If the next token is frame_interval_token_id, just continually input frame, otherwise do language generation.

  1. How do we achieve the implementation? You may check

https://github.com/showlab/videollm-online/blob/main/models/tokenization_live.py

and

https://github.com/showlab/videollm-online/blob/main/data/stream.py

and

https://github.com/showlab/videollm-online/blob/main/data/data_collator.py

In short, the tokenization_live.py defines the chat templates to a string paragraph and get the learning ranges, the stream.py calls that, and data_collator.py will map the learning ranges from string indices to input_ids by return_offsets_mapping arguments in huggingface tokenizer. You can see the details here:

https://huggingface.co/docs/transformers/en/internal/tokenization_utils

Then during training, we can learn that "EOS" by simply calling CE loss on input_ids and labels.
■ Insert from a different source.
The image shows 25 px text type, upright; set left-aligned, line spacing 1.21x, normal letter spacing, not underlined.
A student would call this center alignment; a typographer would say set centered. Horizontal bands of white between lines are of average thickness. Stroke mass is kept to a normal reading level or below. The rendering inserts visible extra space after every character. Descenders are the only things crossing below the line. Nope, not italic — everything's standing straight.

As you can see, we get the labels in dataloader, which is model agnostic and easy to extend. Furthermore, we can naturally enjoy the speed benefits from multiple dataloader workers.

zeyun-zhong commented 15 hours ago

Thank you very much for the detailed explaination. Now, I understand your approach better.

I have another issue when running demo.inference: TypeError: PreTrainedTokenizerFast._batch_encode_plus() got an unexpected keyword argument 'add_stream_prompt' which is caused by line 33 in inference.py. I am wondering whether you have a custom tokenizer.apply_chat_template function?